PT Surveyor Indonesia menjalankan peran itu melalui Laboratorium Pelumas dan Bahan Bakar yang terakreditasi KAN di Citeureup, Bogor. Fasilitas ini melayani uji fiskim pelumas SNI dan Non-SNI serta Oil Condition Monitoring atau OCM.

Dampak langsung ke sektor-sektor strategis

Pengujian kualitas BBM dan pelumas memberi pengaruh langsung pada banyak sektor penting. Di migas, verifikasi mutu BBM dan bahan baku kilang membantu proses produksi tetap terkendali.

Di pembangkit listrik, pengujian transformer oil dan kondisi turbin mendukung keandalan sistem. Di pertambangan, analisis oli alat berat membantu mencegah downtime yang dapat menghambat produksi.

Sektor marine juga bergantung pada pemantauan bunker fuel dan mesin kapal. Sementara itu, di manufaktur, sertifikasi produk industri dan uji oli hidrolik membantu alat produksi tetap bekerja sesuai kebutuhan.

Energi terbarukan pun tidak lepas dari pengawasan mutu. Pengujian Biodiesel B40 dan komponen PLTS menjadi bagian dari upaya memastikan transisi energi tetap berjalan dengan standar yang dapat dipercaya.

SektorFokus Pengujian
MigasMutu BBM dan bahan baku kilang
Pembangkit listrikTransformer oil dan kondisi turbin
PertambanganOli alat berat
MarineBunker fuel dan mesin kapal
ManufakturProduk industri dan oli hidrolik
Energi terbarukanBiodiesel B40 dan komponen PLTS

Deteksi dini yang berujung penghematan

Manfaat pengujian tidak berhenti pada temuan teknis. Hasil laboratorium juga membantu industri mengambil tindakan perbaikan secara terjadwal sebelum kerusakan berkembang menjadi kerugian besar.

Empat langkah yang kerap digunakan dalam pemantauan ini adalah deteksi dini kadar wear metal, analisis laboratorium, tindakan perbaikan terjadwal, dan penghematan biaya pada akhirnya. Pola tersebut membuat perawatan lebih berbasis data dan mengurangi ketergantungan pada penanganan darurat.

Bagi industri, hasil paling nyata adalah turunnya risiko downtime dan terhindarnya biaya kerusakan besar. Bagi masyarakat, dampaknya terlihat pada kendaraan yang lebih terlindungi, pasokan energi yang lebih stabil, serta layanan energi yang lebih aman dan terpercaya.

Arah TIC bergerak ke sistem digital

Industri TIC juga tengah bergeser dari inspeksi manual berbasis kertas menuju Digital Assurance.
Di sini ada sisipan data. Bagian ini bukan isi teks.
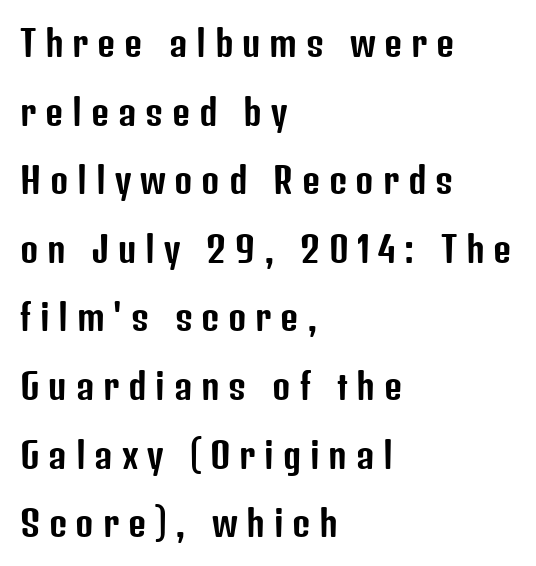
{"serif": "no", "italic": "no", "width": "condensed", "stroke_contrast": "low", "x_height": "medium", "monospaced": "no", "underline": "no", "align": "left", "line_spacing": "loose", "line_spacing_ratio": 1.96, "letter_spacing": "wide", "letter_spacing_em": 0.25, "glyph_px": 35}
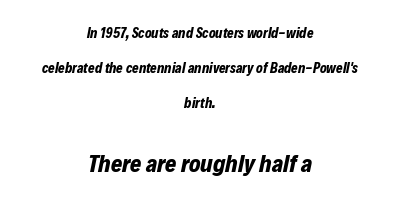
Does the weight exceed regular? Yes, all the way to bold. The lower block of text is set noticeably larger than the block above it. Standard letterfit; no display-style spreading of the glyphs. The passage is arranged like a title page — every line centered.
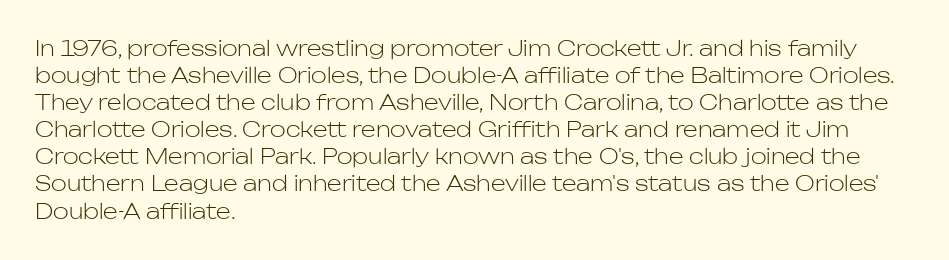
{"italic": "no", "bold": "no", "underline": "no", "align": "left", "line_spacing": "normal", "line_spacing_ratio": 1.29, "letter_spacing": "normal", "letter_spacing_em": 0.0, "glyph_px": 21}
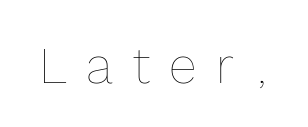
Italic: no, the glyphs are upright roman. Rule under the text: the space is simply empty. Note the varied advance widths — an 'i' is clearly narrower than an 'm'. Weight class: somewhere from thin through regular.
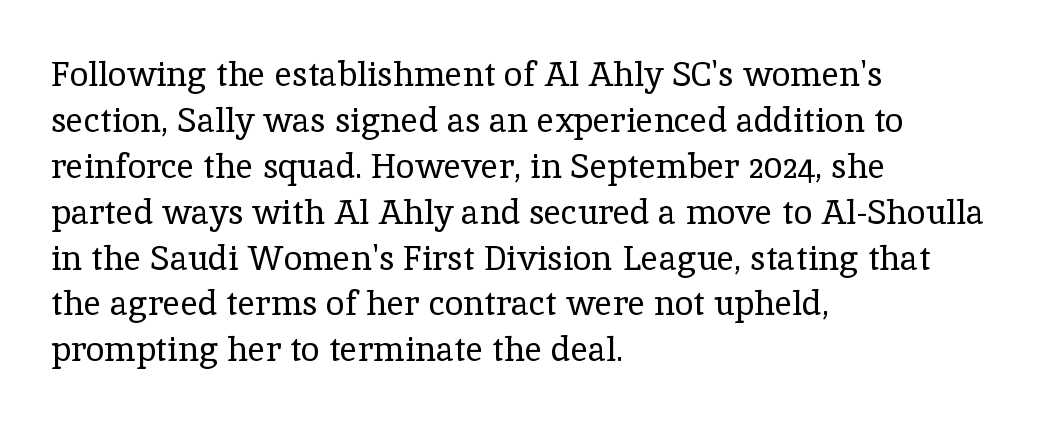
Classification — serif. This is not heavy type; no bold has been used. Glyph-to-glyph distance matches everyday printed text. These lines are rendered in a variable-pitch font. Underline: absent.
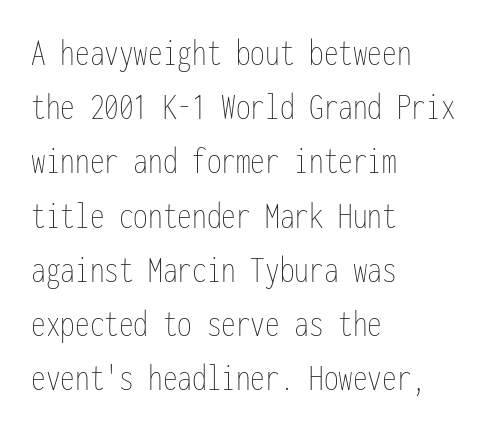
{"italic": "no", "bold": "no", "weight": "thin", "width": "condensed", "stroke_contrast": "low", "x_height": "medium", "monospaced": "yes", "underline": "no", "align": "left", "line_spacing": "normal", "line_spacing_ratio": 1.39, "letter_spacing": "normal", "letter_spacing_em": 0.0, "glyph_px": 39}
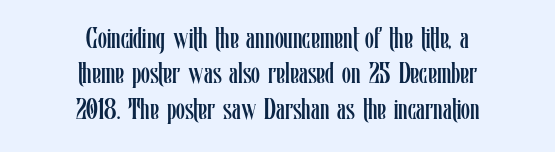
Q: Is the text bold? A: No.
Q: Is the text italic (slanted)? A: No, it is upright.
Q: Is the text underlined? A: No.
Q: How is the paragraph aligned? A: Centered.
Q: Is the spacing between letters normal or unusually wide? A: Normal.
Q: Width (condensed, normal, or wide)? A: Condensed.
Q: Stroke contrast? A: Low.
Q: x-height? A: Medium.
Q: Monospaced? A: No.
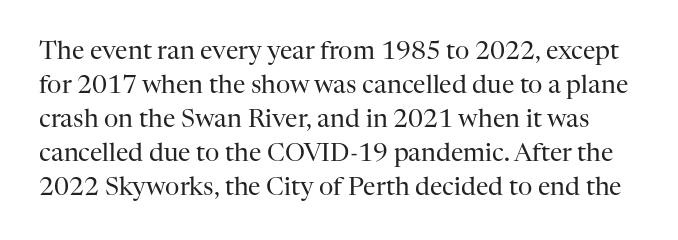
The image shows 25 px text type, upright; set normal line spacing (1.36x), normal letter spacing, not underlined.
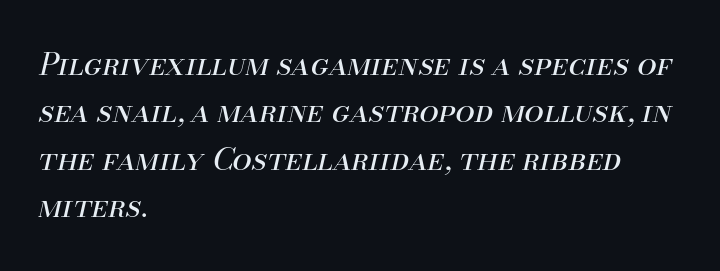
The image shows 31 px regular-weight type, italic (leaning right); set left-aligned, normal line spacing (1.53x), normal letter spacing, not underlined; medium stroke contrast and a small x-height.
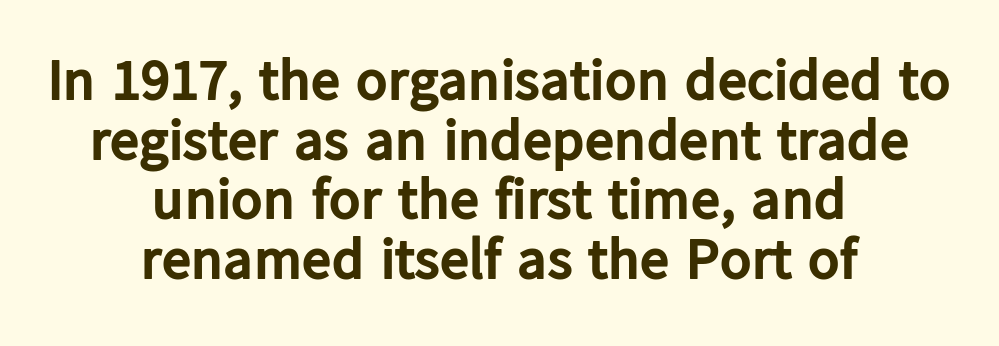
The image shows 59 px bold sans-serif type, upright; set centered, tight line spacing (1.01x), normal letter spacing, not underlined; low stroke contrast and a medium x-height.
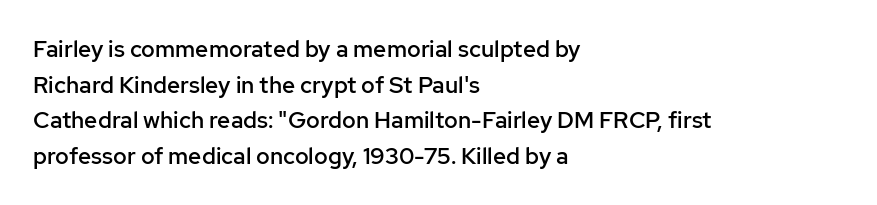
Q: Is the text bold? A: Semi-bold.
Q: Is the text italic (slanted)? A: No, it is upright.
Q: Is the text underlined? A: No.
Q: How is the paragraph aligned? A: Left-aligned.
Q: Is the spacing between letters normal or unusually wide? A: Normal.
Q: Is the spacing between lines tight, normal or loose? A: Normal.
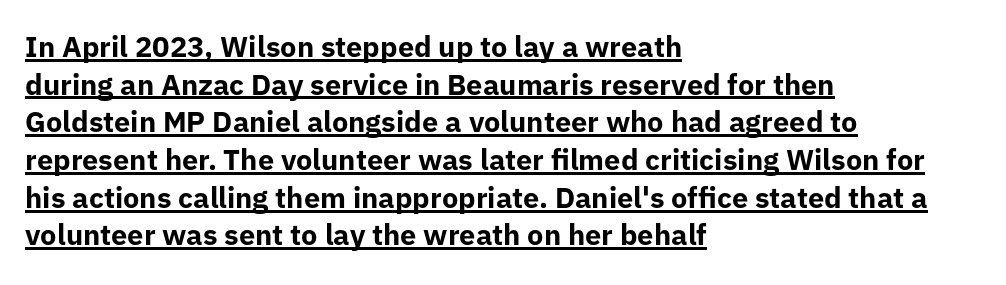
The image shows 29 px bold sans-serif type, upright; set left-aligned, normal line spacing (1.3x), normal letter spacing, underlined; low stroke contrast and a medium x-height.
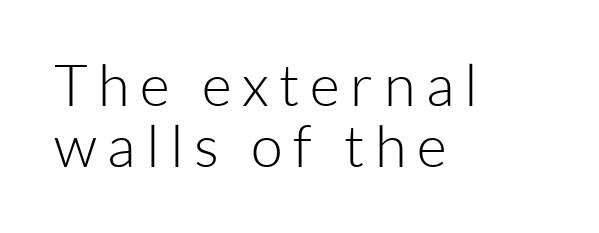
Lines of text with bare space underneath. Style check: upright. Weight class: somewhere from thin through regular. The typeface chosen for these lines omits serifs.
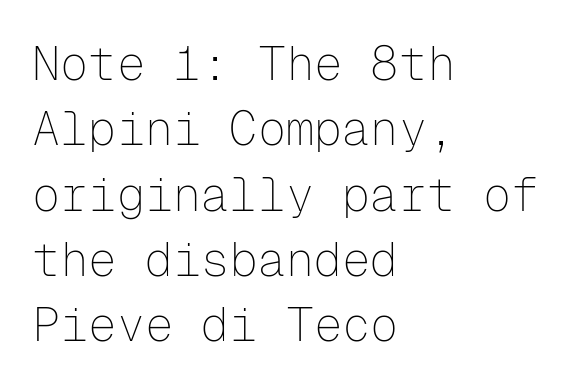
The image shows 47 px thin sans-serif type, upright, monospaced; set left-aligned, normal line spacing (1.39x), normal letter spacing, not underlined; low stroke contrast and a medium x-height.
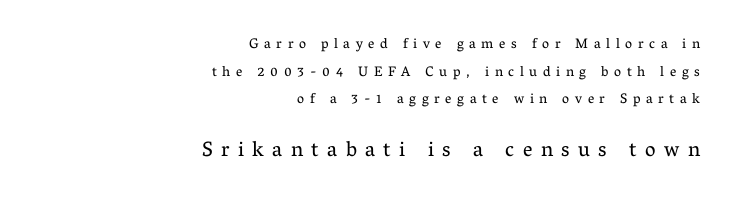
Q: Is the text bold? A: No.
Q: Is the text italic (slanted)? A: No, it is upright.
Q: Is the text underlined? A: No.
Q: How is the paragraph aligned? A: Right-aligned.
Q: Is the spacing between letters normal or unusually wide? A: Unusually wide.
Q: Is the spacing between lines tight, normal or loose? A: Loose.
Q: Which block of text is set in a larger size, the first (top) or the second (bottom)? A: The second (bottom) one.
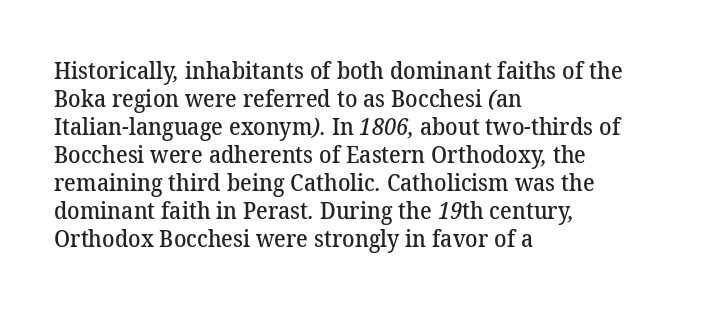
The image shows 23 px text type; set left-aligned, line spacing 1.22x, normal letter spacing, not underlined.
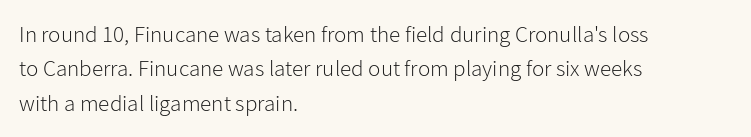
The image shows 23 px text type, upright; set left-aligned, normal line spacing (1.49x), normal letter spacing, not underlined.
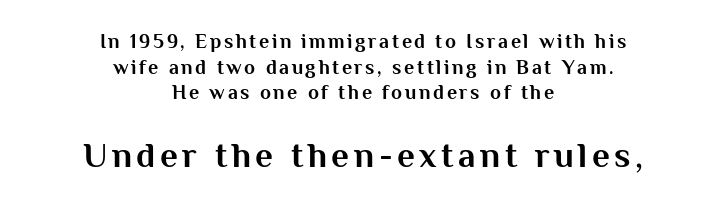
The image shows 35 px bold sans-serif type, upright; set centered, normal line spacing (1.28x), not underlined; the second (bottom) block is 1.75x larger; medium stroke contrast and a medium x-height.
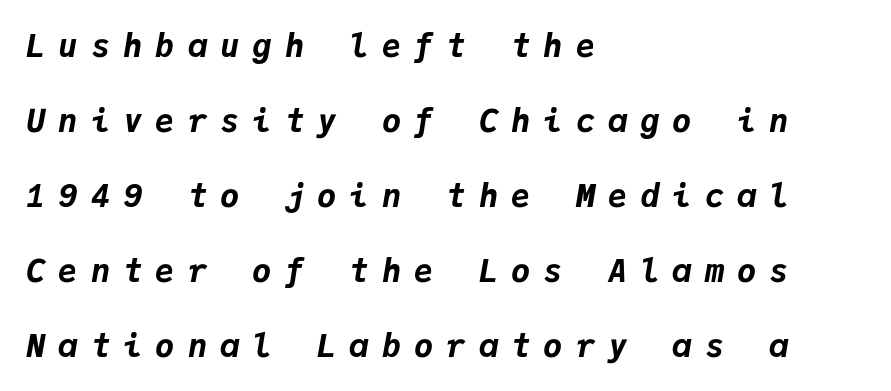
{"italic": "yes", "lean": "right", "slant_degrees": 9, "bold": "yes", "weight": "bold", "width": "normal", "stroke_contrast": "low", "x_height": "medium", "monospaced": "yes", "underline": "no", "align": "left", "line_spacing": "loose", "line_spacing_ratio": 2.34, "letter_spacing": "wide", "letter_spacing_em": 0.41, "glyph_px": 32}
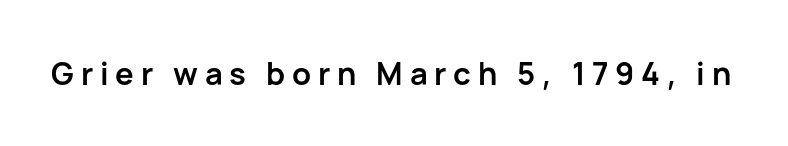
Q: Is the text bold? A: Yes.
Q: Is the text italic (slanted)? A: No, it is upright.
Q: Is the typeface a serif or a sans-serif typeface? A: Sans-serif.
Q: Is the text underlined? A: No.
Q: Is the spacing between letters normal or unusually wide? A: Unusually wide.
Q: Width (condensed, normal, or wide)? A: Normal.
Q: Stroke contrast? A: Low.
Q: x-height? A: Medium.
Q: Monospaced? A: No.
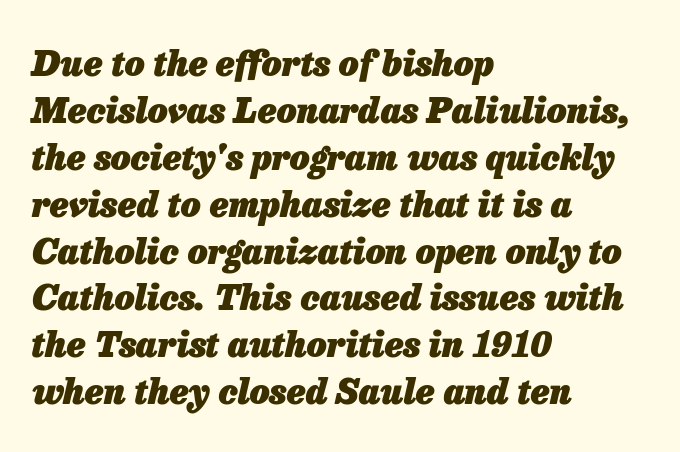
The image shows 35 px heavy type, italic (leaning right); set left-aligned, normal line spacing (1.34x), normal letter spacing, not underlined; low stroke contrast and a medium x-height.
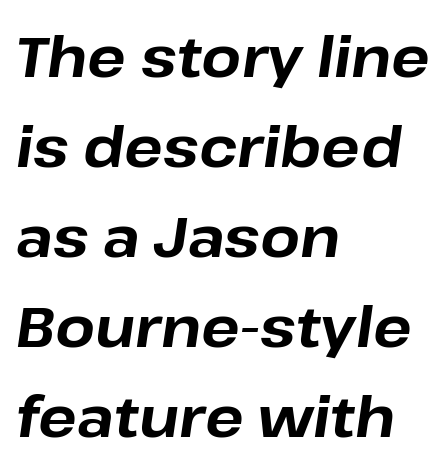
{"italic": "yes", "lean": "right", "slant_degrees": 8, "bold": "yes", "weight": "bold", "width": "normal", "stroke_contrast": "low", "x_height": "medium", "monospaced": "no", "underline": "no", "align": "left", "line_spacing": "normal", "line_spacing_ratio": 1.58, "letter_spacing": "normal", "letter_spacing_em": 0.0, "glyph_px": 57}
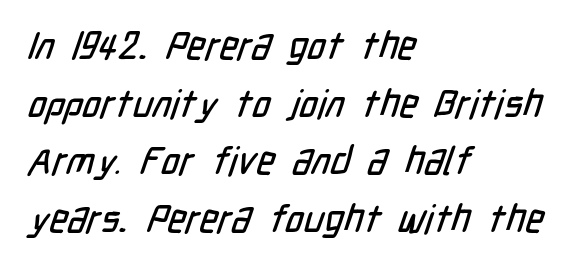
The image shows 39 px condensed sans-serif type; set left-aligned, normal line spacing (1.48x), normal letter spacing, not underlined; low stroke contrast and a medium x-height.
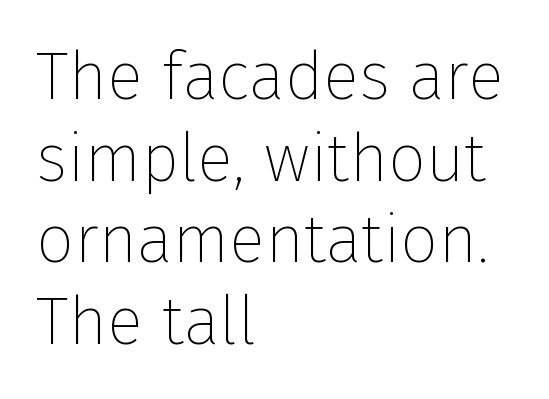
Horizontal alignment here is leftward, the default for most running prose. Quick note: underline off. You could not count columns in this text — the font is proportionally spaced. Short note: letters normally spaced.
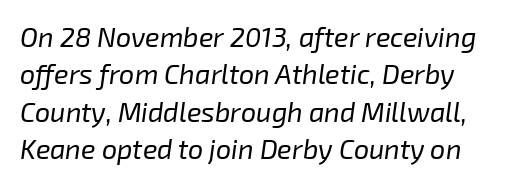
The image shows 27 px text type, italic (leaning right); set left-aligned, normal line spacing (1.38x), normal letter spacing, not underlined.
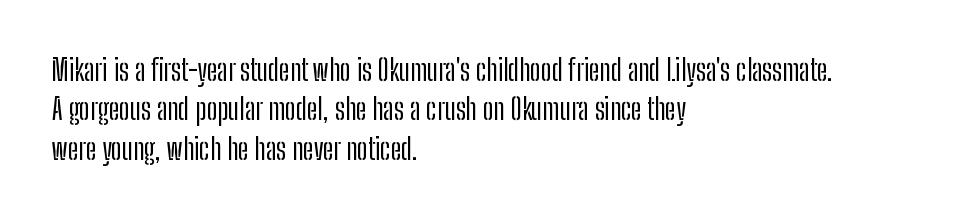
{"serif": "no", "italic": "no", "width": "condensed", "stroke_contrast": "low", "x_height": "medium", "monospaced": "no", "underline": "no", "align": "left", "line_spacing": "normal", "line_spacing_ratio": 1.36, "letter_spacing": "normal", "letter_spacing_em": 0.0, "glyph_px": 29}
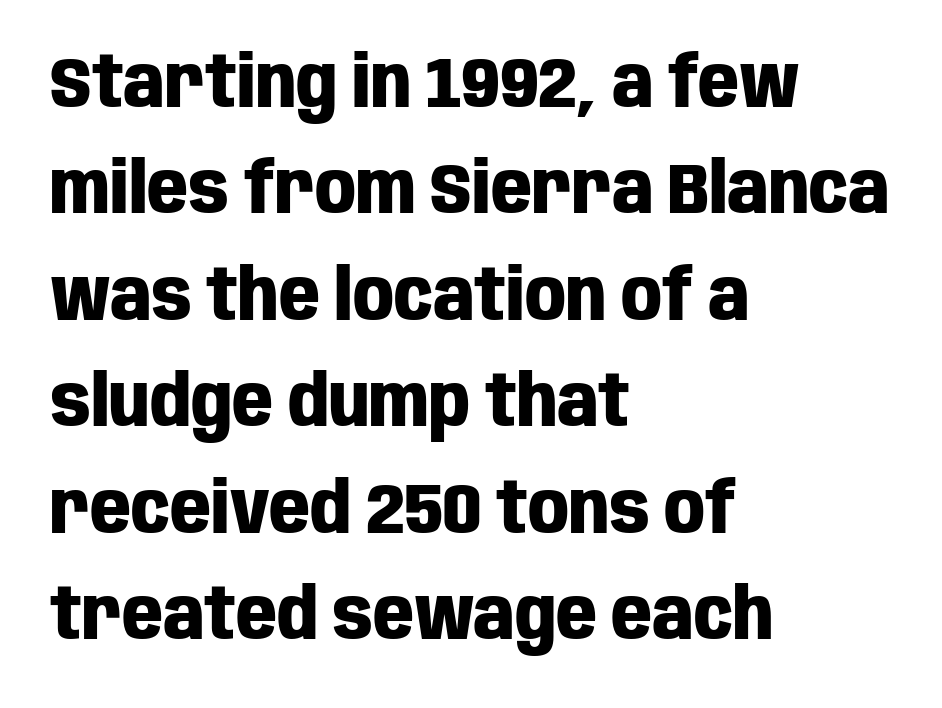
Q: Is the text bold? A: Yes.
Q: Is the text italic (slanted)? A: No, it is upright.
Q: Is the typeface a serif or a sans-serif typeface? A: Sans-serif.
Q: Is the text underlined? A: No.
Q: How is the paragraph aligned? A: Left-aligned.
Q: Is the spacing between letters normal or unusually wide? A: Normal.
Q: Is the spacing between lines tight, normal or loose? A: Normal.
Q: Width (condensed, normal, or wide)? A: Condensed.
Q: Stroke contrast? A: Low.
Q: x-height? A: Large.
Q: Monospaced? A: No.
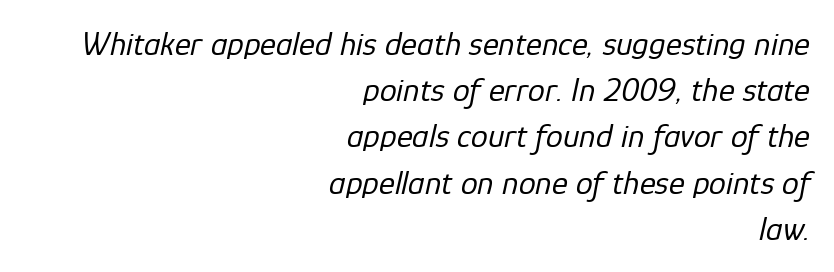
{"italic": "yes", "lean": "right", "slant_degrees": 12, "bold": "no", "weight": "regular", "width": "normal", "stroke_contrast": "low", "x_height": "medium", "monospaced": "no", "underline": "no", "align": "right", "line_spacing": "normal", "line_spacing_ratio": 1.36, "letter_spacing": "normal", "letter_spacing_em": 0.0, "glyph_px": 34}
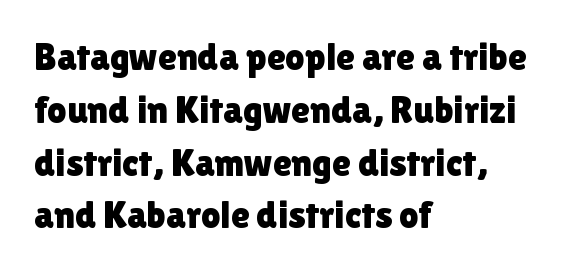
The image shows 38 px sans-serif type, upright; set left-aligned, normal line spacing (1.39x), normal letter spacing, not underlined; a medium x-height.

Transformasi ini mendorong penggunaan AI analytics, predictive maintenance, dan sertifikasi berbasis data digital agar keputusan bisa diambil lebih cepat.

Perubahan tersebut memperkuat fungsi TIC sebagai penjaga keandalan energi, bukan sekadar pelengkap administrasi. Dalam situasi kebutuhan energi yang terus bertumbuh, pemastian independen tetap menjadi fondasi agar kualitas BBM dan pelumas benar-benar menopang operasi yang aman, efisien, dan dipercaya banyak pihak.

Program biodiesel juga memperlihatkan skala kepentingan pengawasan mutu di lapangan. Realisasi Biodiesel B40 disebut mencapai 14,2 juta kL atau 105,2% dari target, sementara penghematan devisa negara dari program biodiesel mencapai Rp130,21 triliun.